If we want to avoid Bolsonaro's re-election, it is urgent that we begin to reconquer the cities and actually transform the living conditions of those who today are deceived by the illusion that Bolsonarism will do it.

on the wave of lives that the pandemic has generated, in all conjuncture analyses, in the field of the left, the central focus of the discussion is Bolsonaro and the fate of the country in relation to his permanence or not in power. It is true that we are experiencing a moment of unprecedented gravity at the federal level, with a president denounced to the Court of The Hague for promoting the intensification of a pandemic instead of fighting it, and who promotes the greatest dismantling ever seen of a series of social advances achieved. in left governments, whose cycle was illegitimately interrupted.

But the focus on the Bolsonarist disaster is causing the discussion about the municipal elections to be in the background, almost forgotten. Not that we are not witnessing movements around them, but they occur almost in an environment of “normality”, as if nothing strange was happening. As usual, surveys serve as fuel to “make candidates viable”, focusing the discussion on the opportunity to strengthen one or another party, around “saving names”. There is no question of a broader and more unified political mobilization of the left, which is more necessary than ever precisely at this time of the pandemic and Bolsonaro, as mayors and councilors play a fundamental role in the organic construction of local policies that contain the disaster. ongoing.

It is in the poor neighborhoods of municipalities that the pandemic causes the most deaths, but this does not seem to be affecting the debates very much. This indifference reflects the invisibility of local urban structural problems in general, which fall on the poorest in cities.
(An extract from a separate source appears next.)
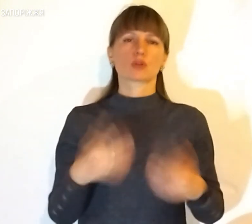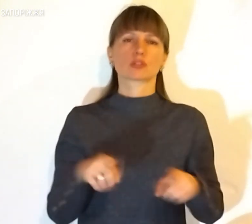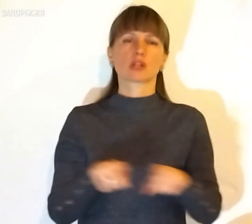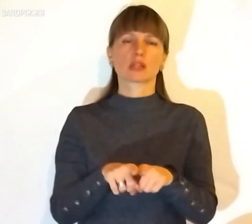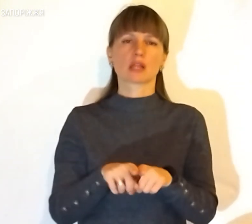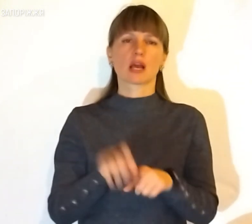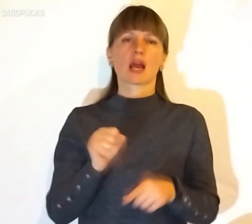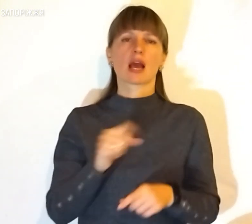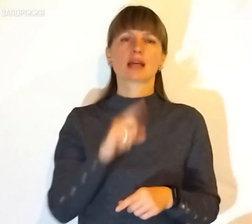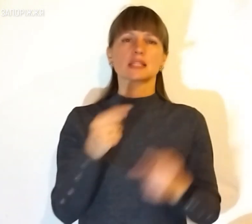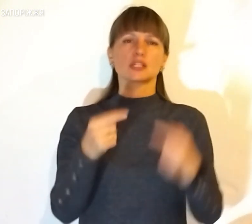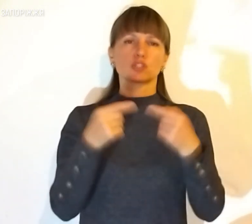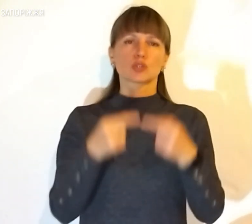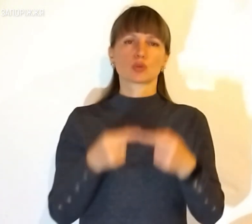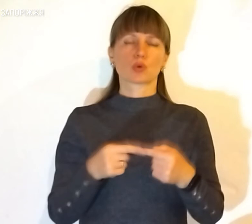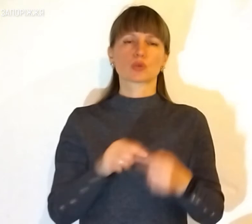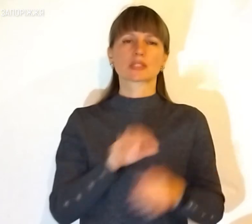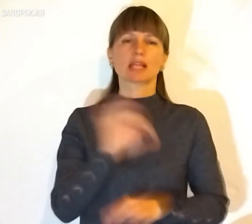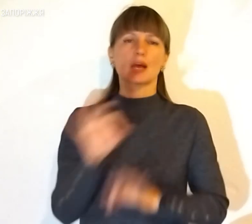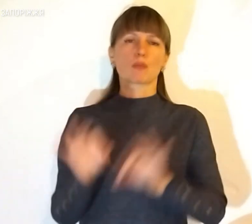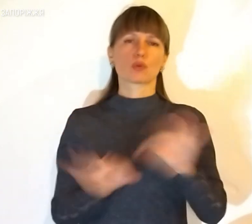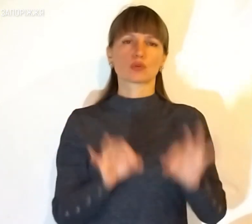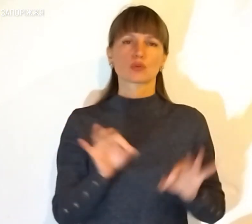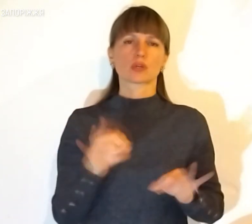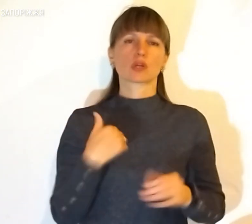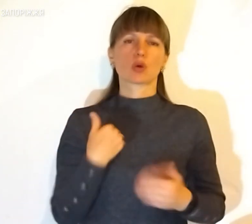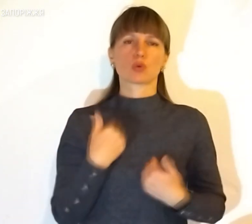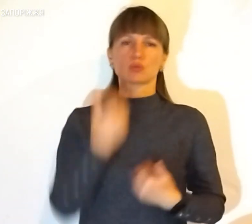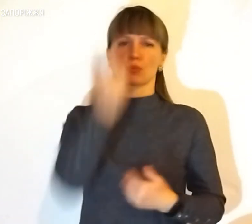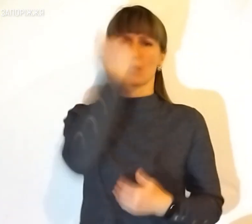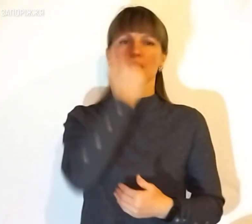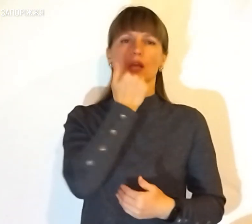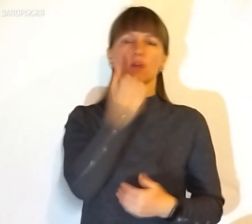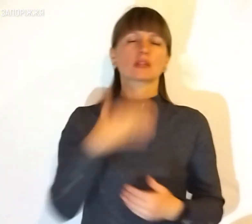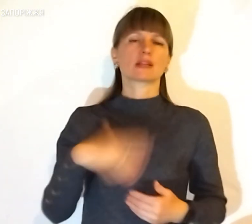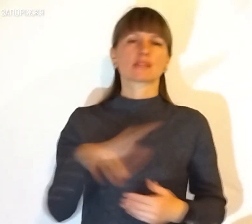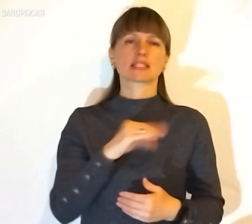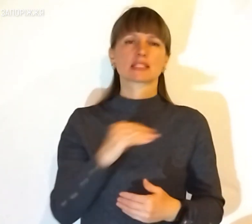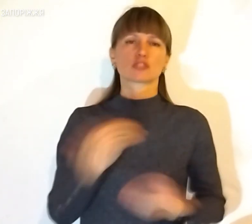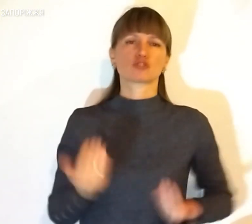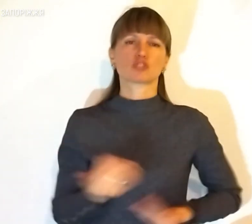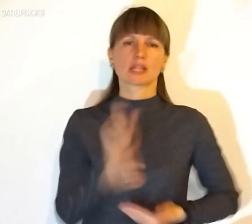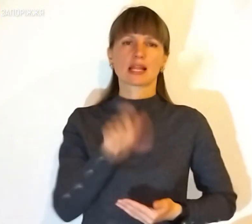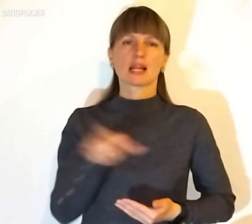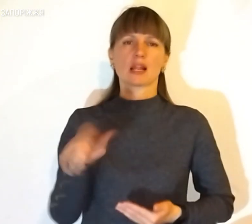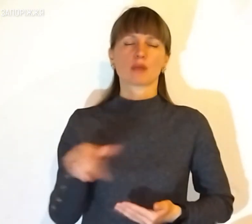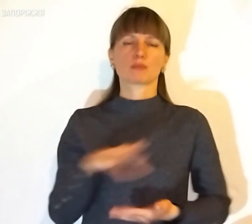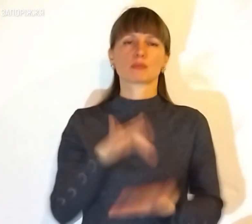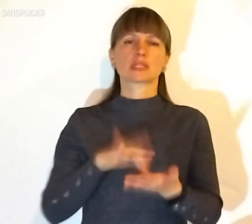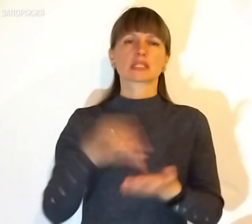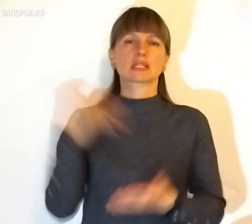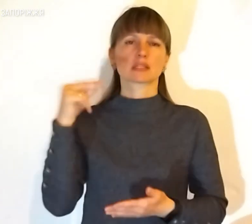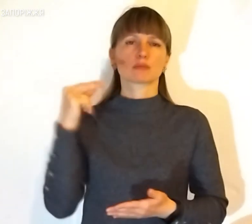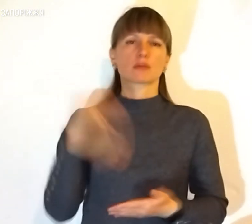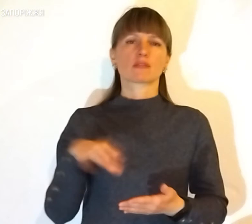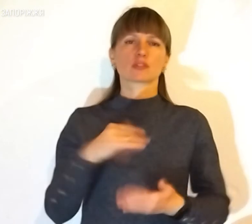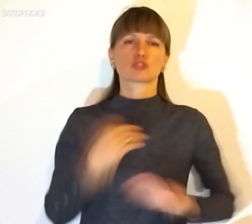так, а за чіткою схемою. Я хочу подякувати всім жителям міста Запоріжжя, всім
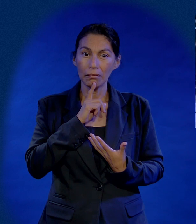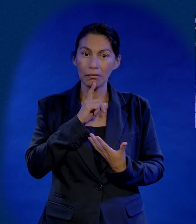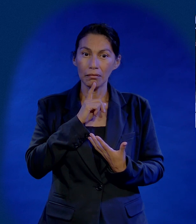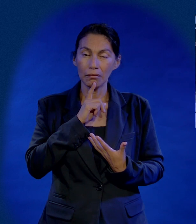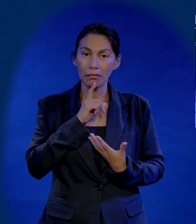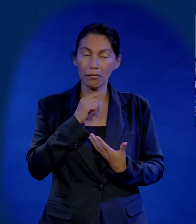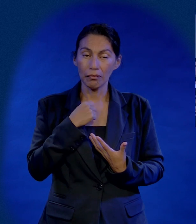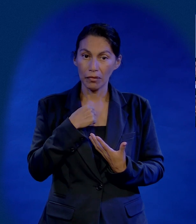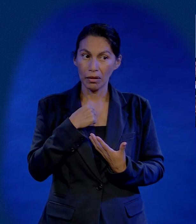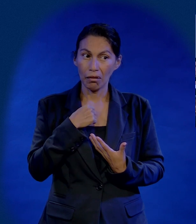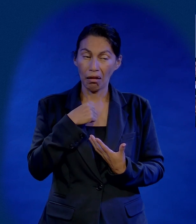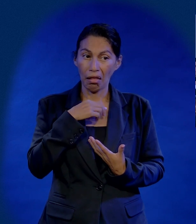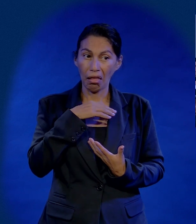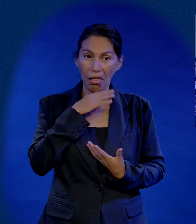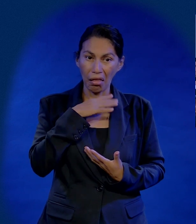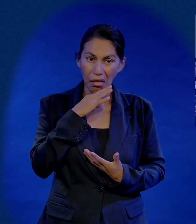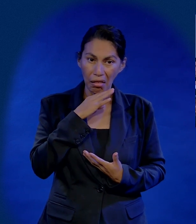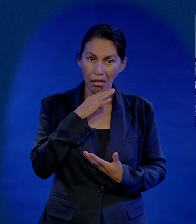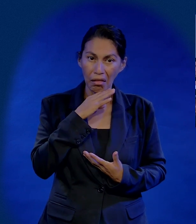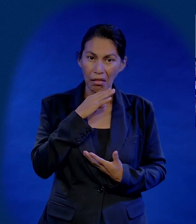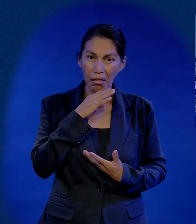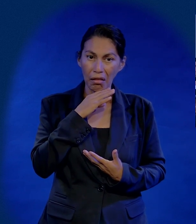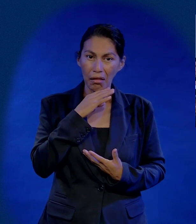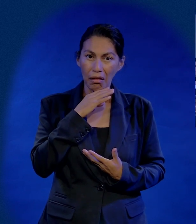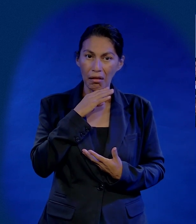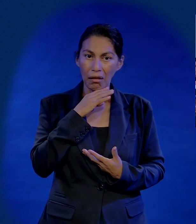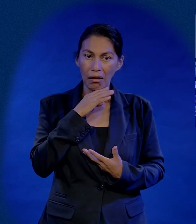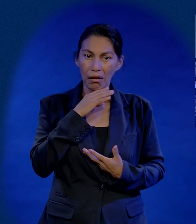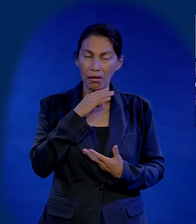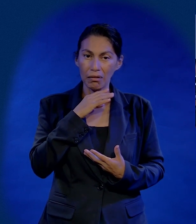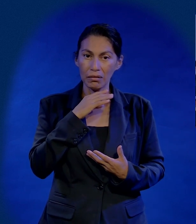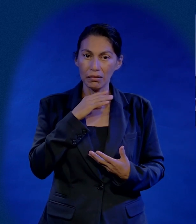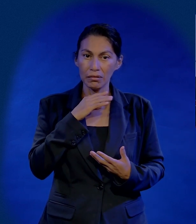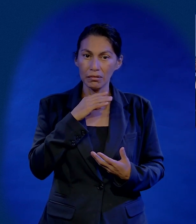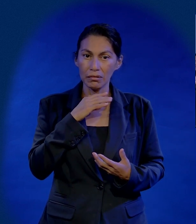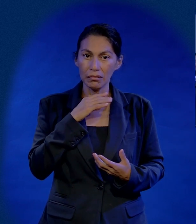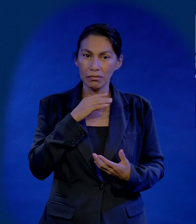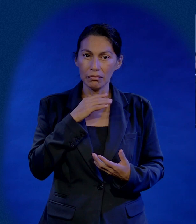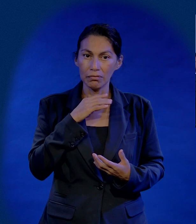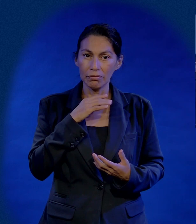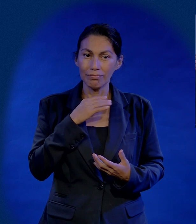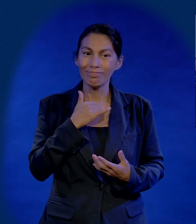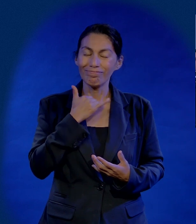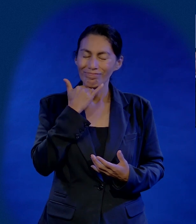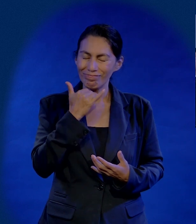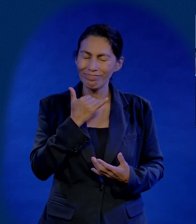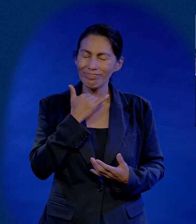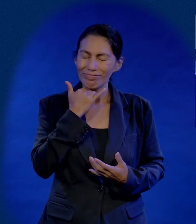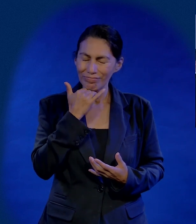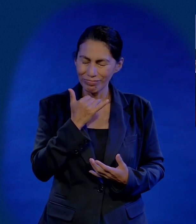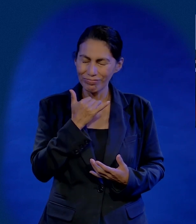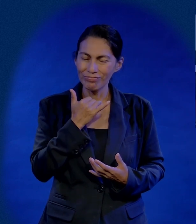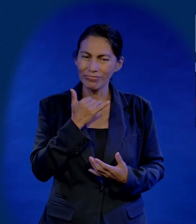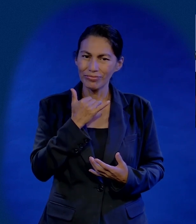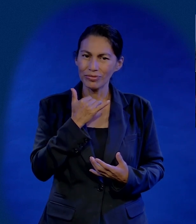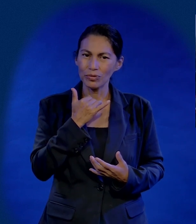Mire, hermanos, si me hubiera agarrado despistado, distraído, probablemente hubiera

And covid-19, precisely because of these structural problems – lack of sanitation, exaggerated housing density, family cohabitation, crowded public transport – has today become essentially a problem of the poor and increasingly “invisible” to the rich, who already they went back to frequenting its bars and gyms. If the concern with Bolsonaro and his confrontation is the center of the conjuncture guidelines, a certain disregard for the local issue and the territories of poverty seems to be the continuity of an “old normal”.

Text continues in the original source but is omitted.